Collection entries
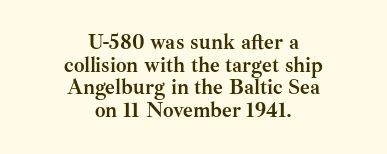
{"italic": "no", "bold": "yes", "underline": "no", "align": "center", "line_spacing": "tight", "line_spacing_ratio": 1.08, "letter_spacing": "normal", "letter_spacing_em": 0.0, "glyph_px": 21}
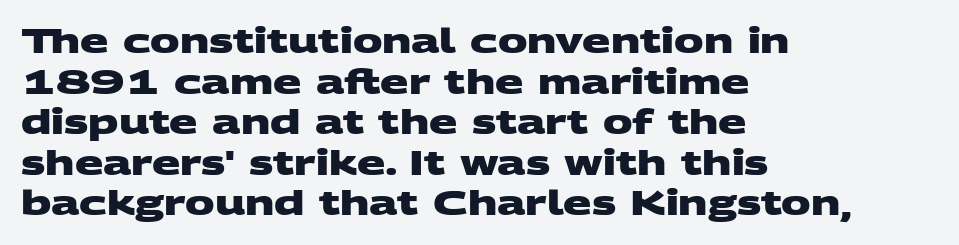
Q: Is the text bold? A: Yes.
Q: Is the typeface a serif or a sans-serif typeface? A: Sans-serif.
Q: Is the text underlined? A: No.
Q: How is the paragraph aligned? A: Left-aligned.
Q: Is the spacing between letters normal or unusually wide? A: Normal.
Q: Width (condensed, normal, or wide)? A: Wide.
Q: Stroke contrast? A: Medium.
Q: x-height? A: Large.
Q: Monospaced? A: No.
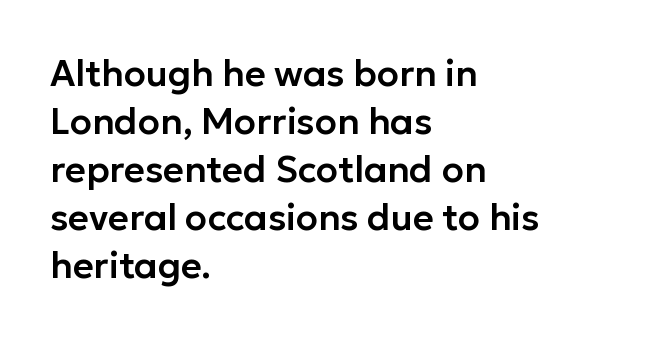
Just letters on the line, the space beneath them empty. This is roman type, the default non-slanted kind. Looks like regular typesetting: each glyph gets only the width it needs. Short note: letters normally spaced. This sample is left-justified, so line endings fall wherever the words run out. Vertical spacing — default.
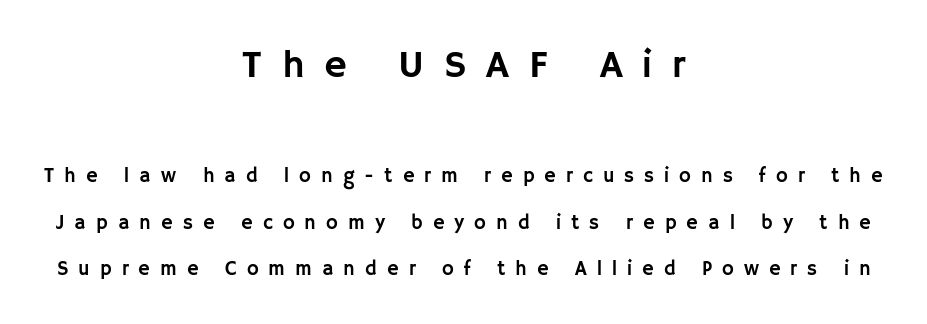
Q: Is the text italic (slanted)? A: No, it is upright.
Q: Is the typeface a serif or a sans-serif typeface? A: Sans-serif.
Q: Is the text underlined? A: No.
Q: How is the paragraph aligned? A: Centered.
Q: Is the spacing between letters normal or unusually wide? A: Unusually wide.
Q: Is the spacing between lines tight, normal or loose? A: Loose.
Q: Which block of text is set in a larger size, the first (top) or the second (bottom)? A: The first (top) one.
Q: Width (condensed, normal, or wide)? A: Normal.
Q: Stroke contrast? A: Low.
Q: x-height? A: Large.
Q: Monospaced? A: No.
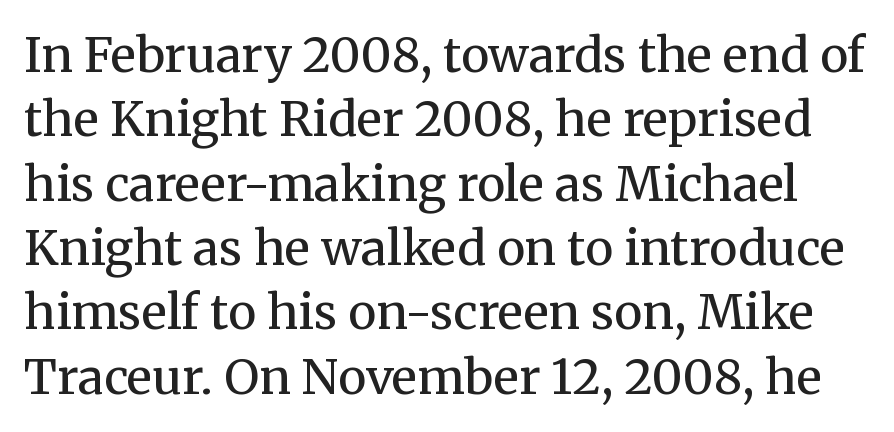
The image shows 48 px regular-weight serif type, upright; set normal line spacing (1.34x), normal letter spacing, not underlined; medium stroke contrast and a medium x-height.
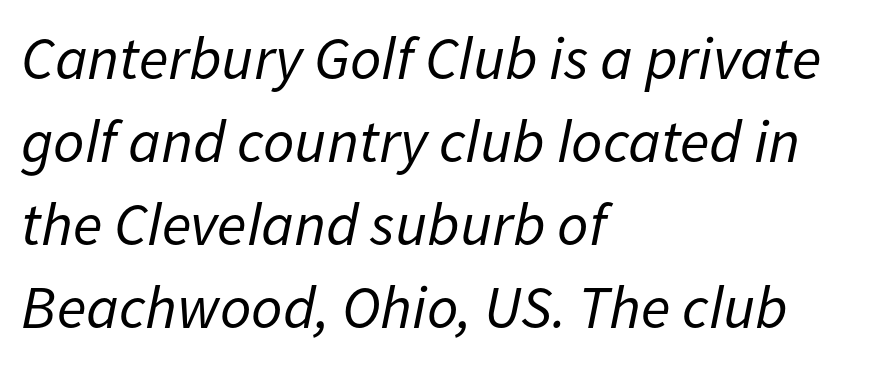
Lines of text with bare space underneath. Stroke mass is kept to a normal reading level or below. Horizontal alignment here is leftward, the default for most running prose. The tracking reads as untouched default to a designer's eye.
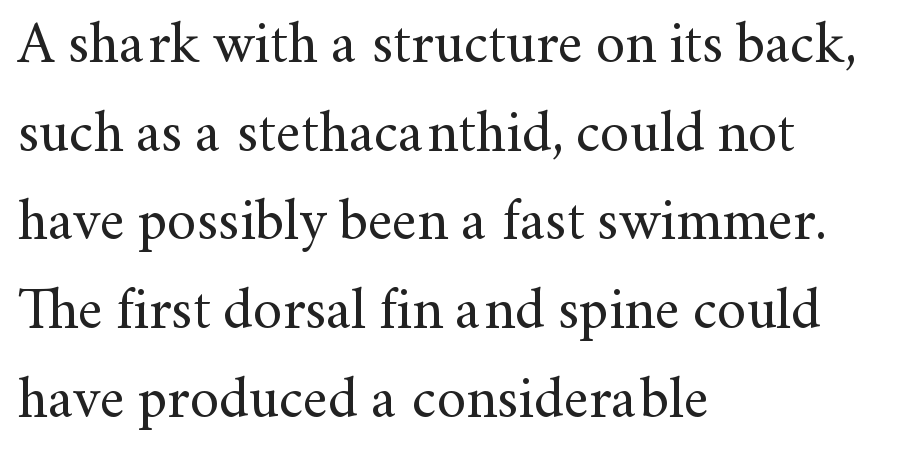
Successive baselines arrive at the customary interval. Just letters on the line, the space beneath them empty. The tracking reads as untouched default to a designer's eye. The designer went with a serif here, giving each stem small feet. These lines stack with their left ends in a neat column.
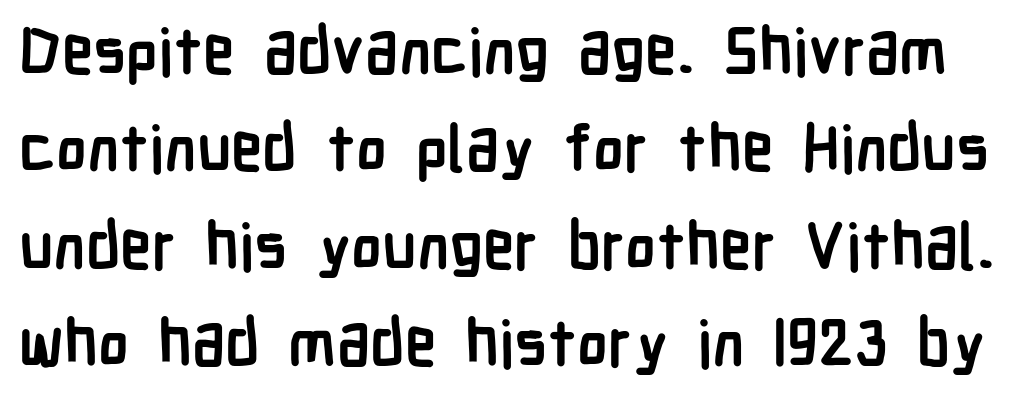
{"serif": "no", "italic": "no", "bold": "yes", "weight": "semibold", "width": "condensed", "stroke_contrast": "low", "x_height": "medium", "monospaced": "no", "underline": "no", "line_spacing": "normal", "line_spacing_ratio": 1.52, "letter_spacing": "normal", "letter_spacing_em": 0.0, "glyph_px": 64}
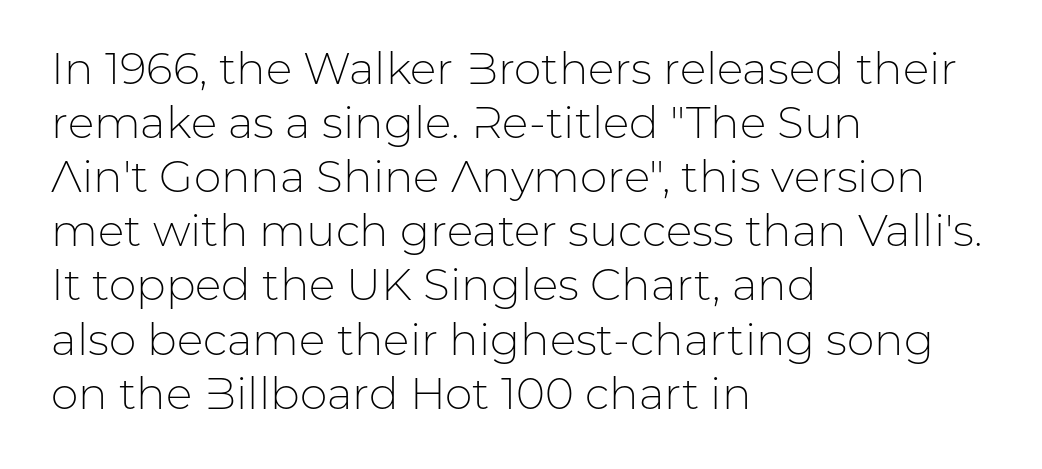
The image shows 44 px light sans-serif type, upright; set left-aligned, line spacing 1.23x, normal letter spacing, not underlined; low stroke contrast and a medium x-height.
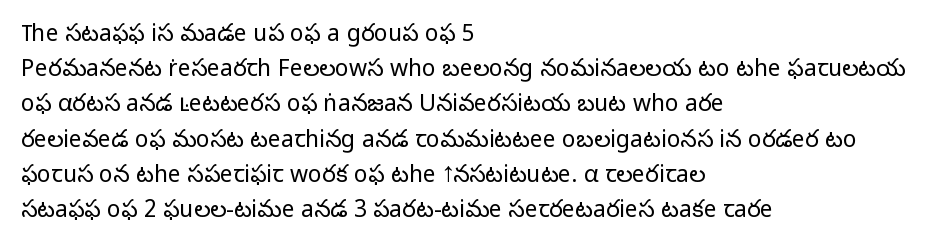
A typesetter would call this leading conventional body-copy spacing. Casual observation: everything's shoved over to the left. Counters stay open thanks to moderate or lighter strokes. The lettering stays uniformly vertical, giving the passage a roman look. No extra tracking has been applied to these lines. The gap between lines stays unmarked.
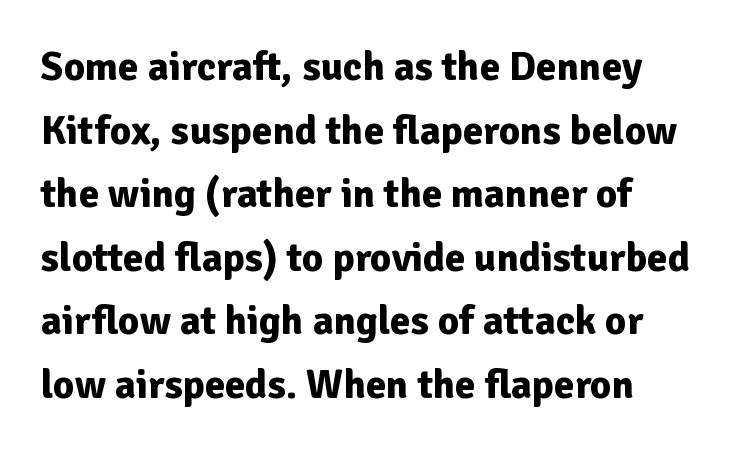
{"serif": "no", "italic": "no", "bold": "yes", "weight": "bold", "width": "normal", "stroke_contrast": "low", "x_height": "medium", "monospaced": "no", "underline": "no", "line_spacing": "normal", "line_spacing_ratio": 1.55, "letter_spacing": "normal", "letter_spacing_em": 0.0, "glyph_px": 41}
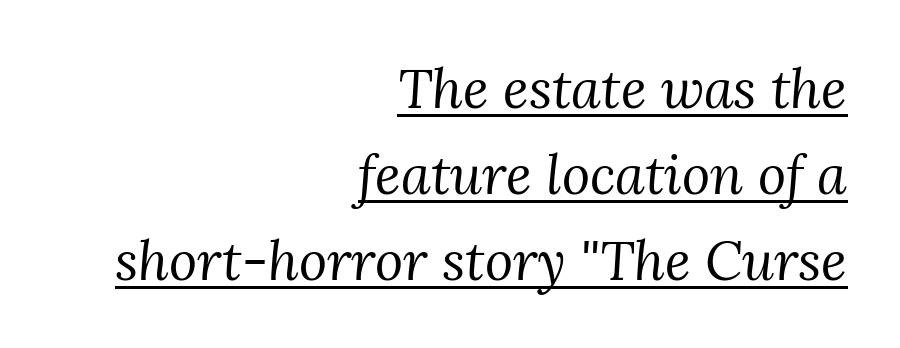
{"serif": "yes", "italic": "yes", "lean": "right", "slant_degrees": 3, "bold": "no", "weight": "regular", "width": "normal", "stroke_contrast": "medium", "x_height": "medium", "monospaced": "no", "underline": "yes", "align": "right", "line_spacing": "normal", "line_spacing_ratio": 1.59, "letter_spacing": "normal", "letter_spacing_em": 0.0, "glyph_px": 54}
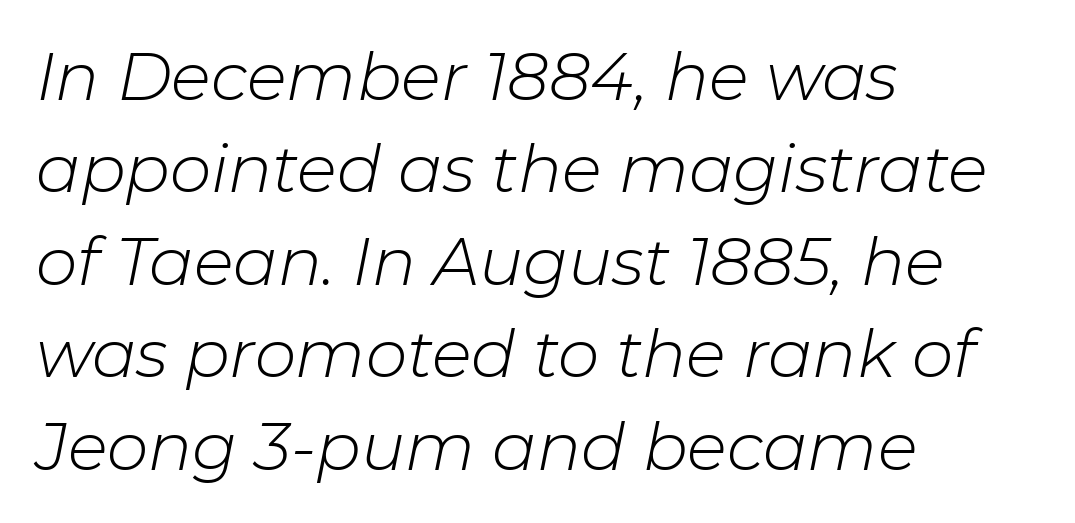
Q: Is the text bold? A: No.
Q: Is the text italic (slanted)? A: Yes, it leans right by about 11 degrees.
Q: Is the text underlined? A: No.
Q: How is the paragraph aligned? A: Left-aligned.
Q: Is the spacing between letters normal or unusually wide? A: Normal.
Q: Is the spacing between lines tight, normal or loose? A: Normal.
Q: Width (condensed, normal, or wide)? A: Normal.
Q: Stroke contrast? A: Low.
Q: x-height? A: Medium.
Q: Monospaced? A: No.
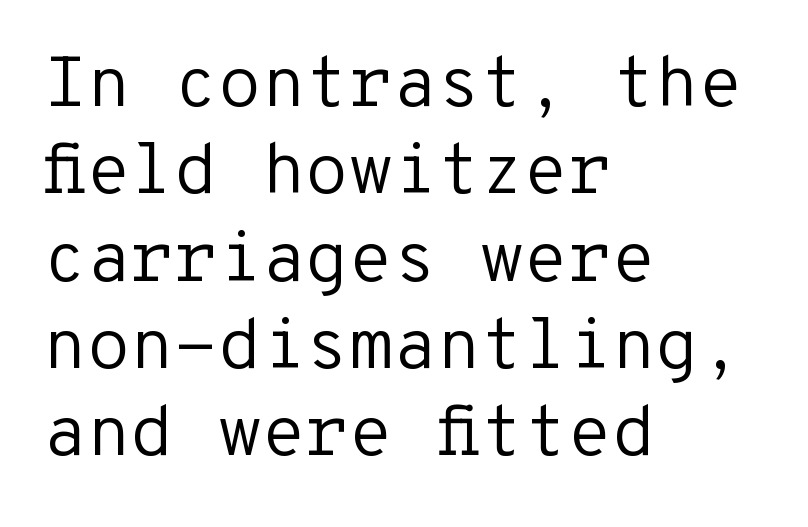
Q: Is the text bold? A: No.
Q: Is the text italic (slanted)? A: No, it is upright.
Q: Is the typeface a serif or a sans-serif typeface? A: Sans-serif.
Q: Is the text underlined? A: No.
Q: How is the paragraph aligned? A: Left-aligned.
Q: Is the spacing between letters normal or unusually wide? A: Normal.
Q: Width (condensed, normal, or wide)? A: Normal.
Q: Stroke contrast? A: Low.
Q: x-height? A: Medium.
Q: Monospaced? A: Yes.
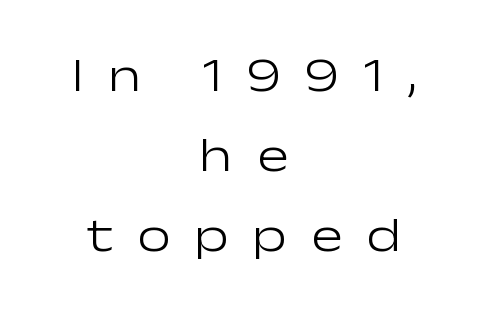
Weight: not bold — regular or lighter. Do the characters align in a grid? No, the font is proportional. The passage shown stacks its lines at a standard gap. The type is letterspaced generously, with wide tracking. The area under the type is left untouched.
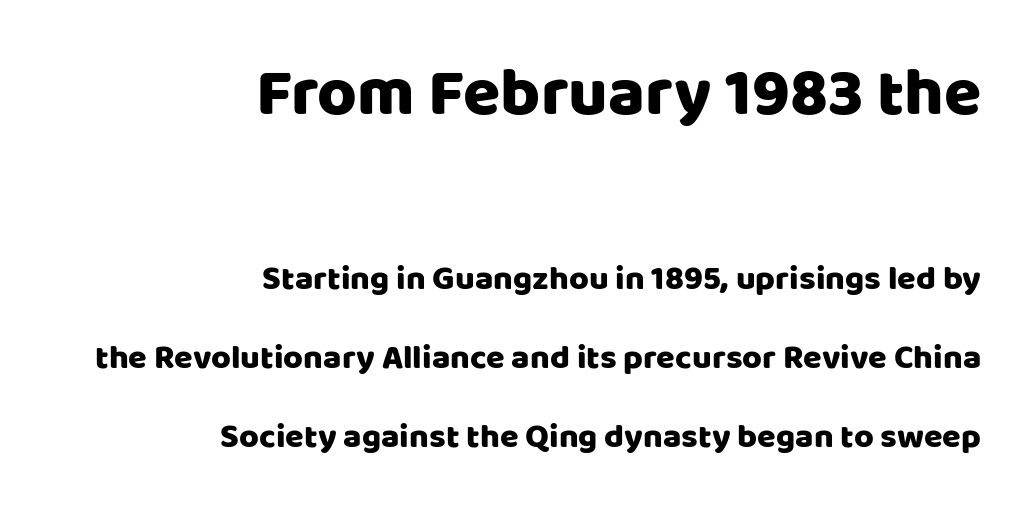
The image shows 68 px sans-serif type, upright; set right-aligned, loose line spacing (2.32x), normal letter spacing, not underlined; the first (top) block is 2.0x larger; low stroke contrast and a large x-height.
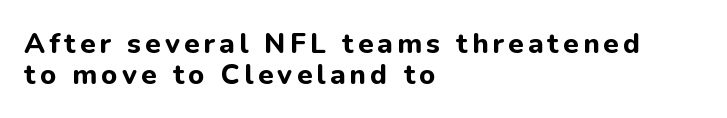
The image shows 28 px bold sans-serif type, upright; set left-aligned, tight line spacing (1.1x), not underlined; low stroke contrast and a medium x-height.
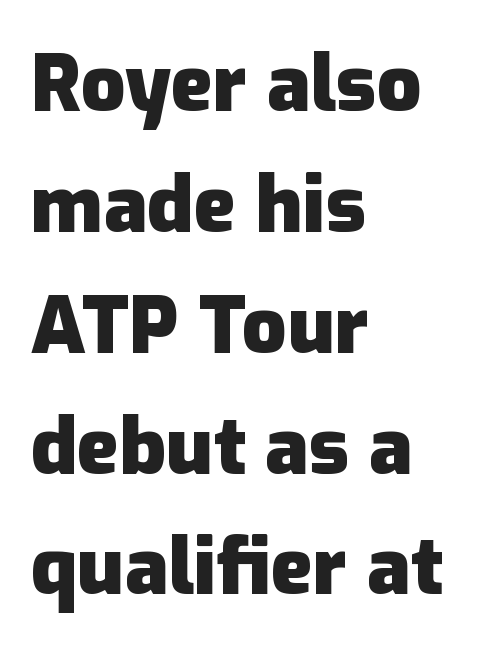
{"serif": "no", "italic": "no", "bold": "yes", "weight": "heavy", "width": "normal", "stroke_contrast": "low", "x_height": "medium", "monospaced": "no", "underline": "no", "align": "left", "line_spacing": "normal", "line_spacing_ratio": 1.53, "letter_spacing": "normal", "letter_spacing_em": 0.0, "glyph_px": 79}
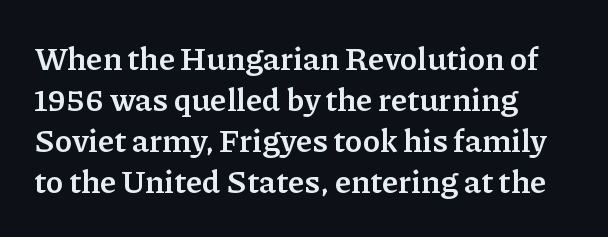
Q: Is the text bold? A: Yes.
Q: Is the text italic (slanted)? A: No, it is upright.
Q: Is the typeface a serif or a sans-serif typeface? A: Serif.
Q: Is the text underlined? A: No.
Q: How is the paragraph aligned? A: Left-aligned.
Q: Is the spacing between letters normal or unusually wide? A: Normal.
Q: Is the spacing between lines tight, normal or loose? A: Normal.
Q: Width (condensed, normal, or wide)? A: Normal.
Q: Stroke contrast? A: Low.
Q: x-height? A: Medium.
Q: Monospaced? A: No.
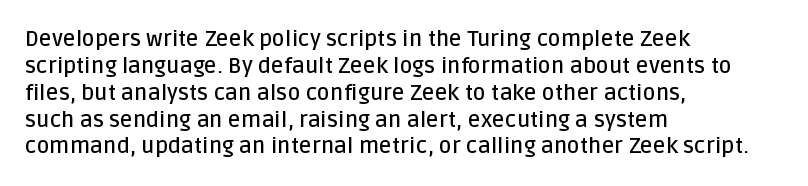
Q: Is the text bold? A: Semi-bold.
Q: Is the text italic (slanted)? A: No, it is upright.
Q: Is the text underlined? A: No.
Q: How is the paragraph aligned? A: Left-aligned.
Q: Is the spacing between letters normal or unusually wide? A: Normal.
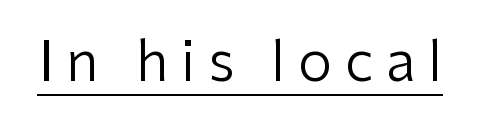
{"serif": "no", "italic": "no", "bold": "no", "weight": "regular", "width": "normal", "stroke_contrast": "low", "x_height": "medium", "monospaced": "no", "underline": "yes", "letter_spacing": "wide", "letter_spacing_em": 0.23, "glyph_px": 55}
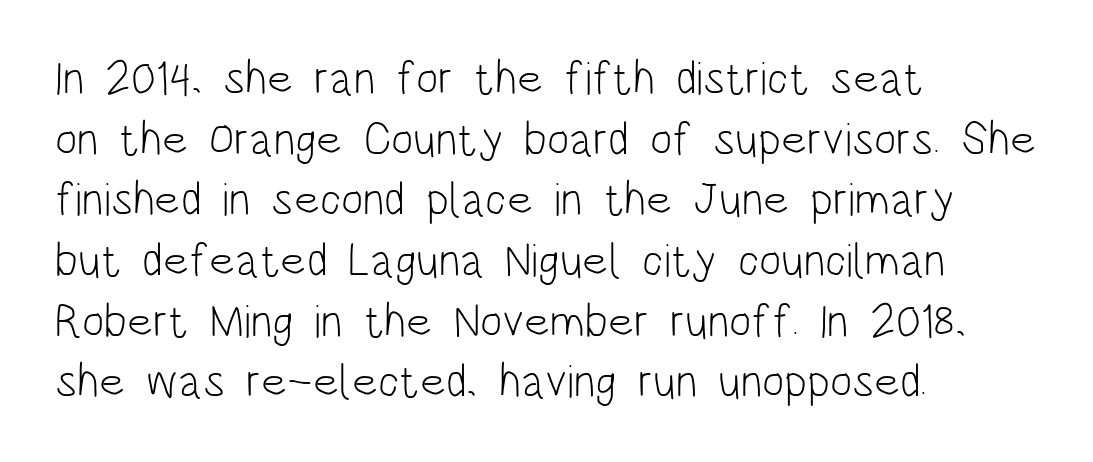
{"serif": "no", "italic": "no", "bold": "no", "weight": "light", "width": "condensed", "stroke_contrast": "low", "x_height": "large", "monospaced": "no", "underline": "no", "align": "left", "line_spacing": "normal", "line_spacing_ratio": 1.29, "letter_spacing": "normal", "letter_spacing_em": 0.0, "glyph_px": 47}

## Task directions
Give the number of lines in the data that contain the string "beneath", and nothing else.

## Written response
2